Am I catastrophising? I'm so worried about it being staggered and only being a couple of people there at a time.

Just for reference, this is the first party I have thrown in years. I've just come out of an abusive relationship, and wasn't allowed parties, or friends round. My self esteem is fairly low.

OP posts:
mamamasala · 18/10/2019 12:21

Everyone who cancelled has kids. Nearly everyone who is coming don't have kids...

OP posts:
Imreallytrying · 18/10/2019 12:26

1.15 then?

Imreallytrying · 18/10/2019 12:26

Cross post sorry

JuniperBeer · 18/10/2019 12:27

Sounds like you’re going to have a lovely small family party. There is nothing wrong with that.
Yes it’s disappointing if people pull out- have they said why? I’d rather they just decline in the first place.

Don’t worry. I’m sure you will have a lovely time.

RolytheRhino · 18/10/2019 12:30

They probably don't think a 1st birthday is a huge deal

Well, to be fair it's not, really. Obviously it is to the OP and it would've been nice if they could have come but sometimes life does get in the way. I wouldn't go falling out with them over it- at least they told you beforehand.
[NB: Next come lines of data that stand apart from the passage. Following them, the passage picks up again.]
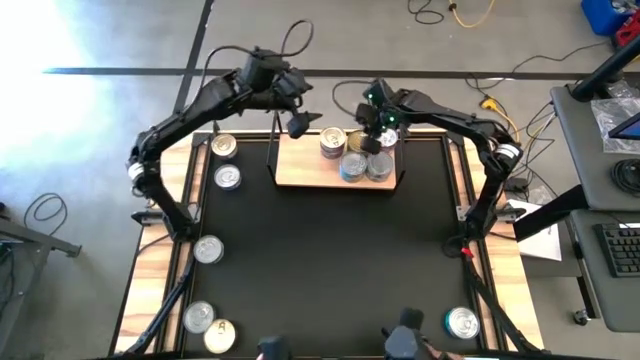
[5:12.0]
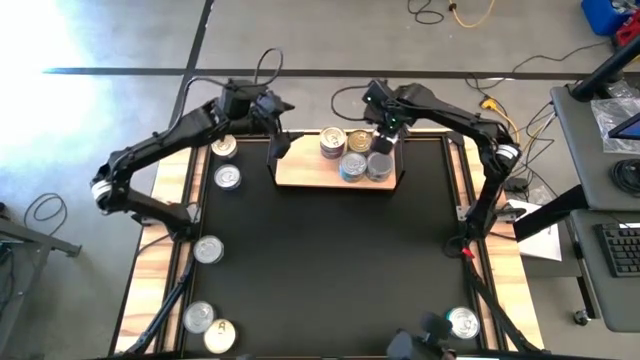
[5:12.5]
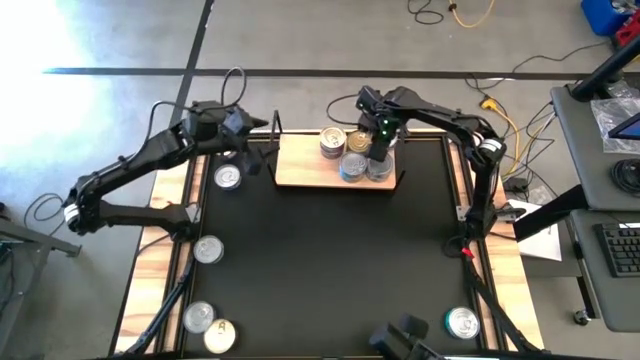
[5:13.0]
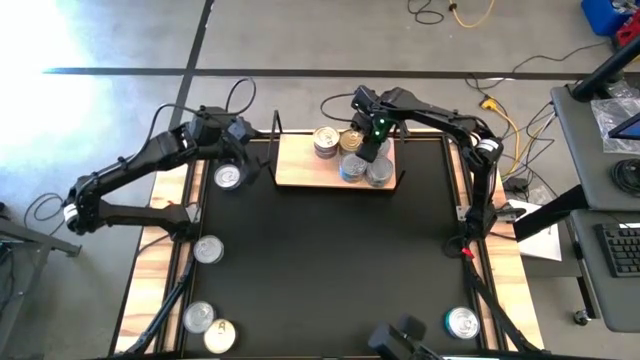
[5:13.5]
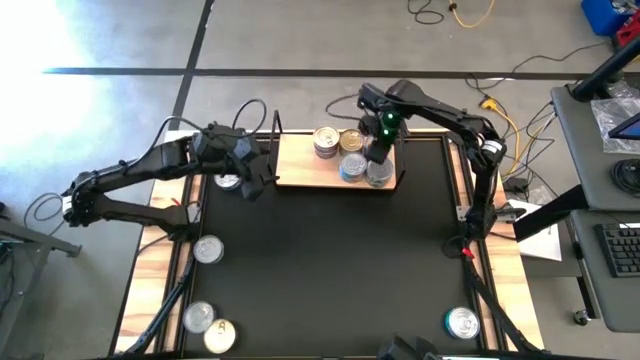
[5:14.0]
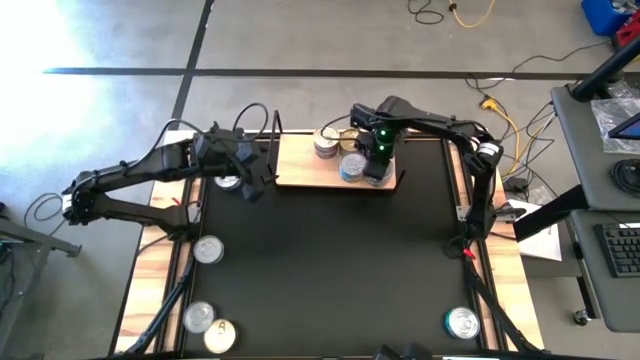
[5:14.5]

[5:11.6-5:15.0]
Task: Stack canned seafood by type on shelf
Adjust the tuna cans on the shelf

AmIThough · 18/10/2019 12:35

Just for reference, this is the first party I have thrown in years. I've just come out of an abusive relationship, and wasn't allowed parties, or friends round. My self esteem is fairly low.

Even more reason to do it!
Nobody will even know how many children were/weren't invited. If anything, people will feel more important because you've invited them.
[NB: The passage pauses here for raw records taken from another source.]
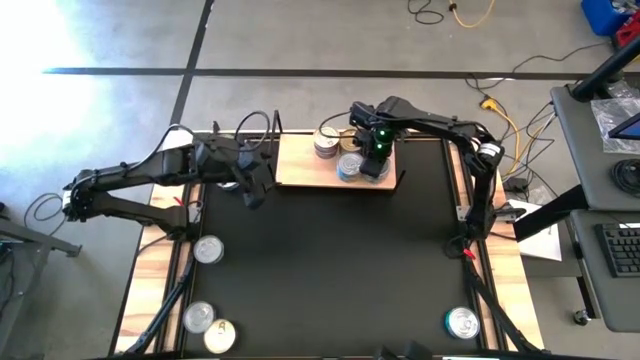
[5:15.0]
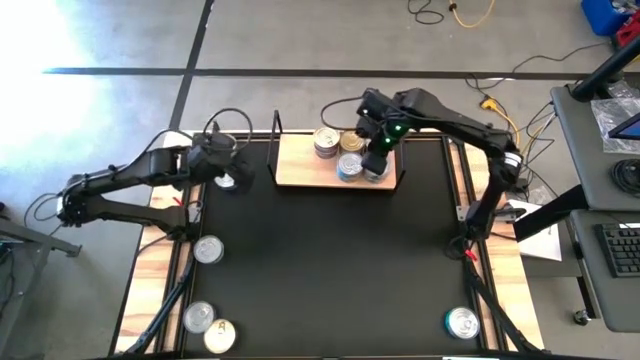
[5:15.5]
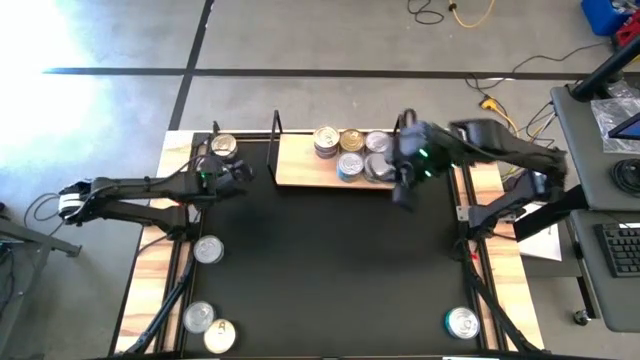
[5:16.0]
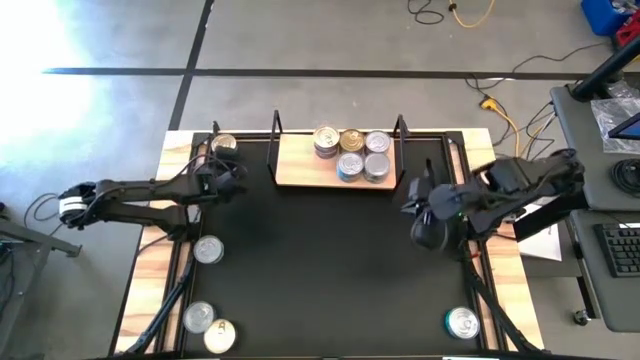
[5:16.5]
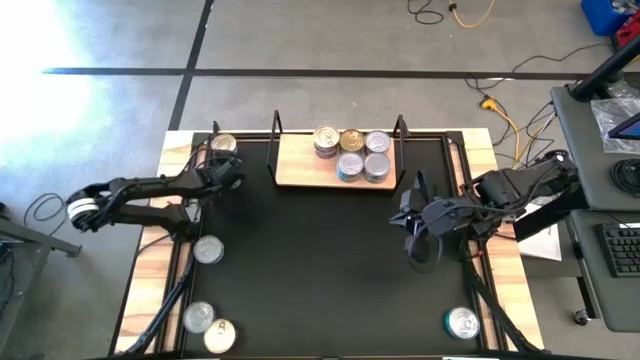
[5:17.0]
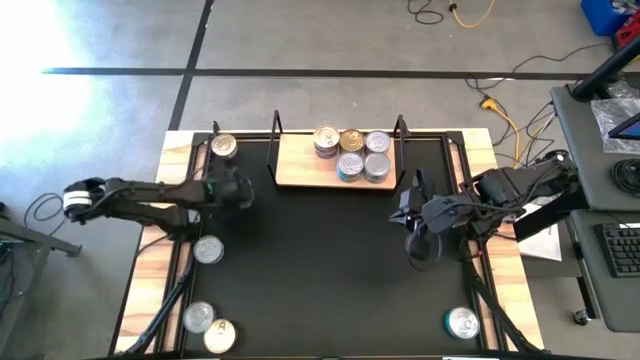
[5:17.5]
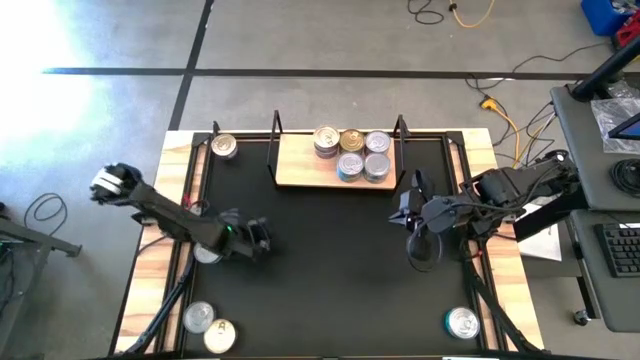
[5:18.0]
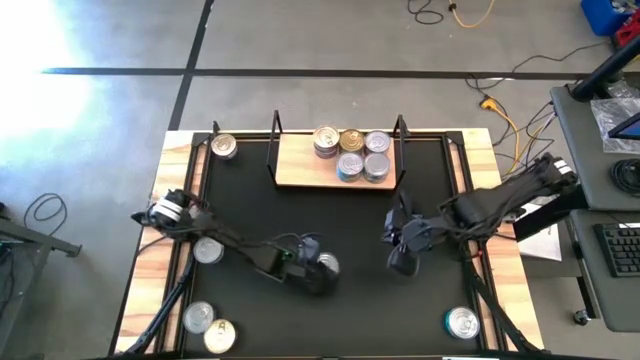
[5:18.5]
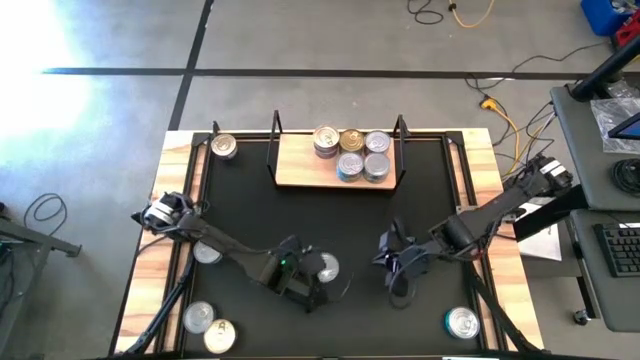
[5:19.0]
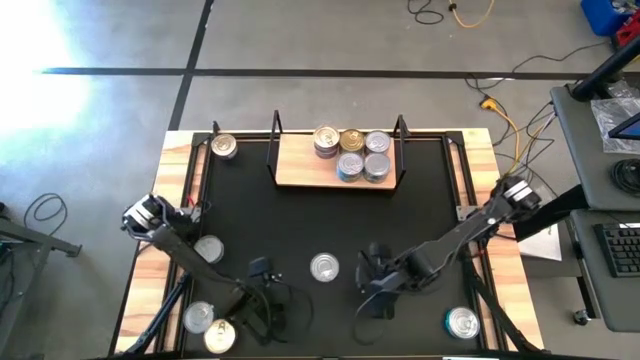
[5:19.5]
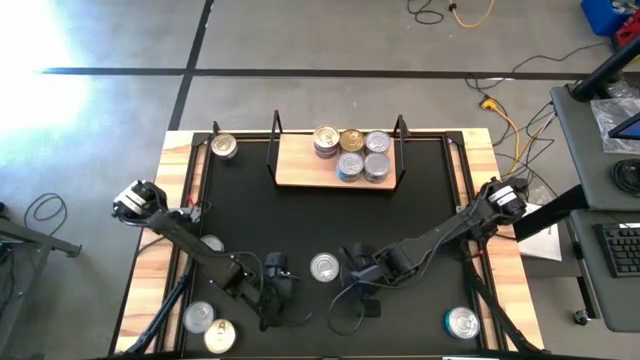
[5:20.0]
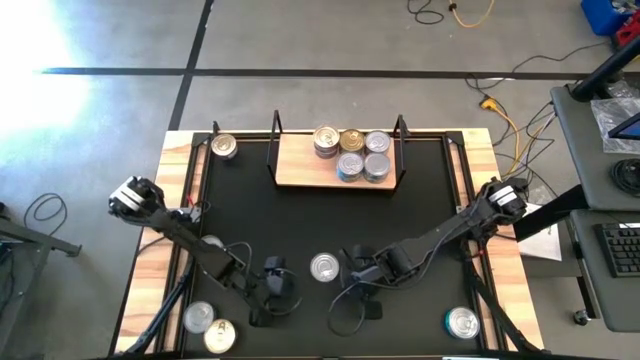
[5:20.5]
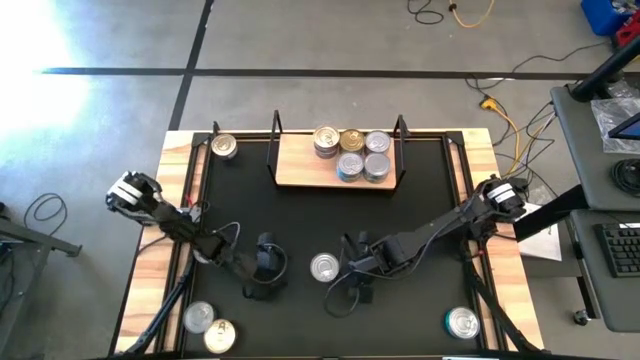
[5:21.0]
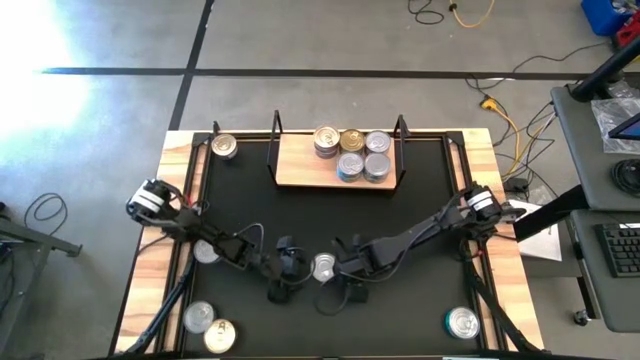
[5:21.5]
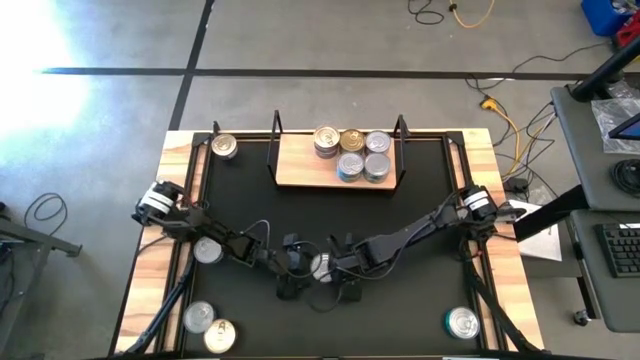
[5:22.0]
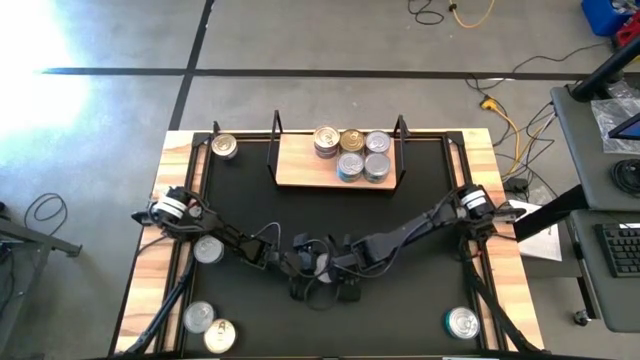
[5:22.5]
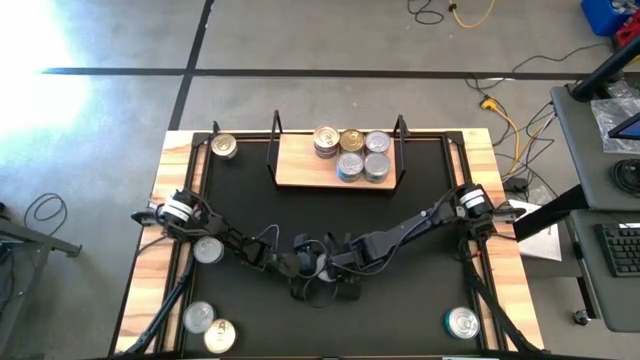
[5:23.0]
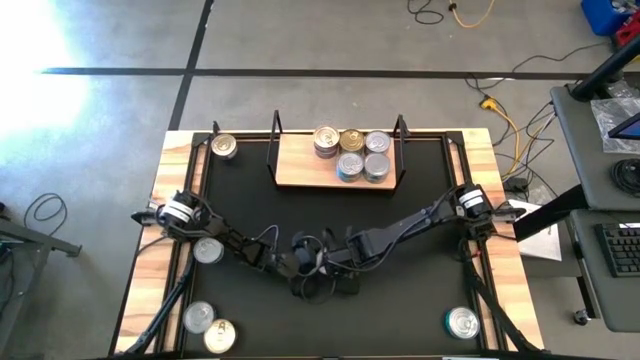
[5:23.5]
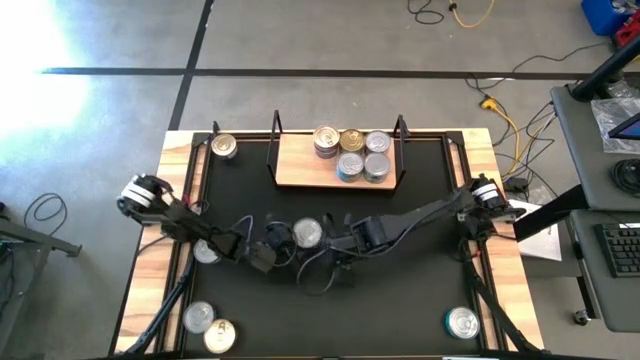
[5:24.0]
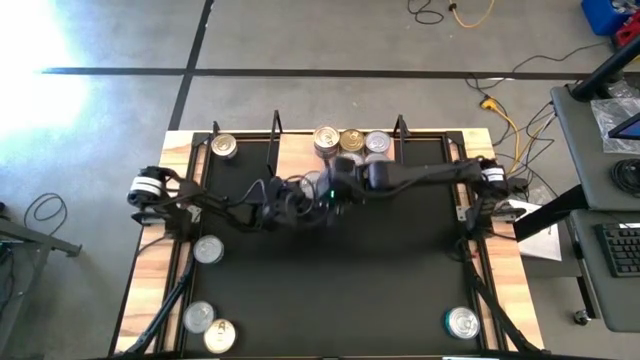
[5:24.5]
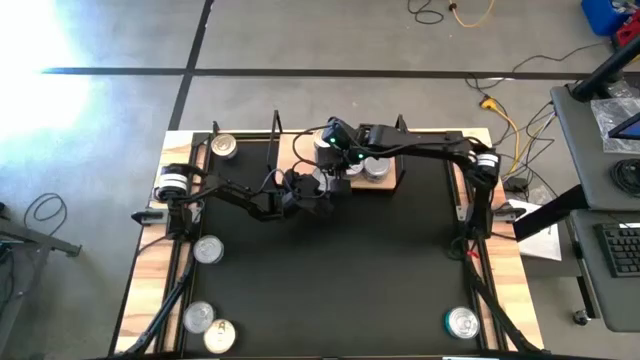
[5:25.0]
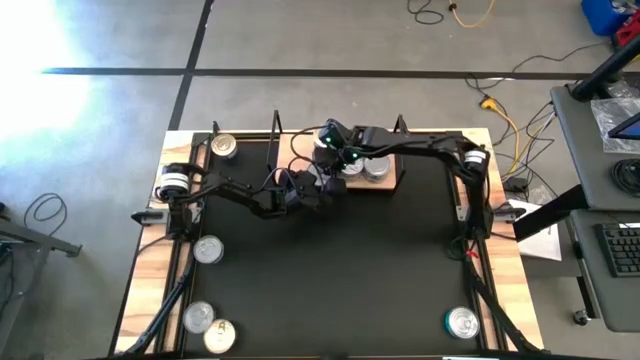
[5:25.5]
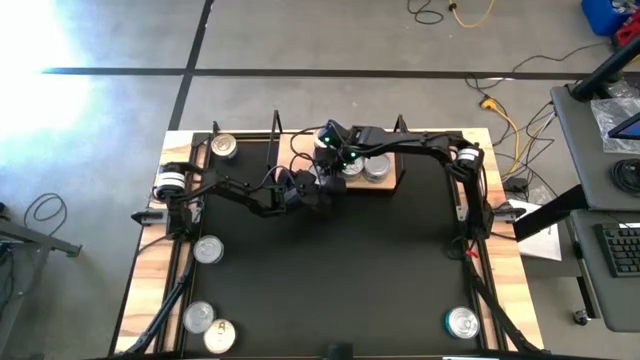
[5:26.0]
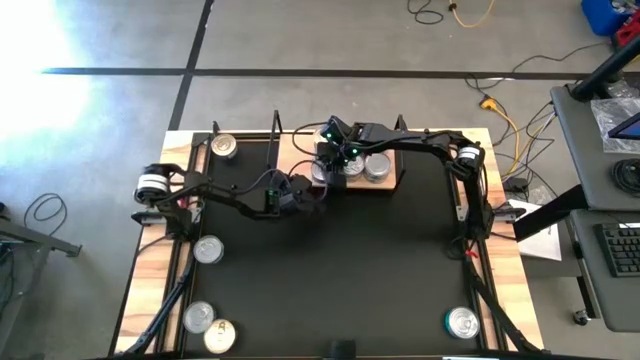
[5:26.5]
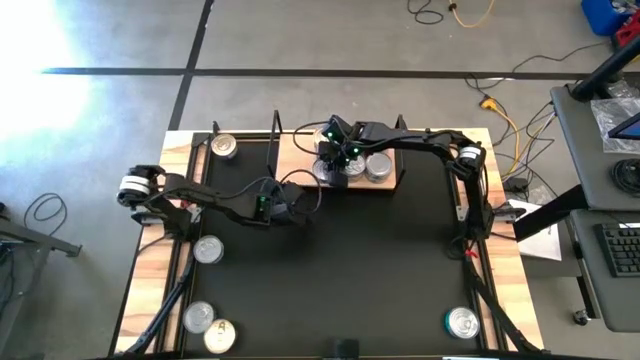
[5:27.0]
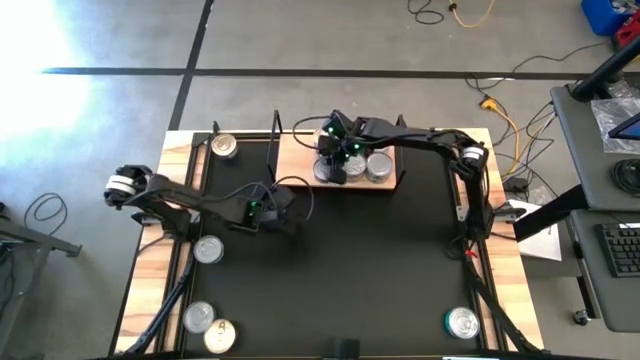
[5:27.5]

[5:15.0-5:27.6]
Put the blue tuna can on the shelf

Have a fantastic time doing it as a big FU to the abusive ex.

MyKingdomForBrie · 18/10/2019 12:37

You're catastrophising. That sounds like a nice group.

PeppermintPatty10 · 18/10/2019 12:45

It sounds like a lovely, intimate event, OP! Everyone can actually chat to each other and more importantly, chat to you!

PeppermintPatty10 · 18/10/2019 12:48

And as AmIthough said above, the people who do come (who sound like a great bunch) will be thrilled that you invited them.

Atalune · 18/10/2019 12:51

I think it sounds lovely. And you’ll be surrounded but family. Not too many people so it feels too busy too.

Eat the food, drink the drink and forget the losers who can’t come. Grin

YobaOljazUwaque · 18/10/2019 12:54

"Pulled out" implies that someone previously accepted the invitation and then changed their minds, but "of the 30 invited" suggests that this is actually a case of 16 of the 30 invited choosing to turn down the invitation, as is their right. "It's an invitation not a summons" springs to mind. Had these 16 people actually said "yes I will come"?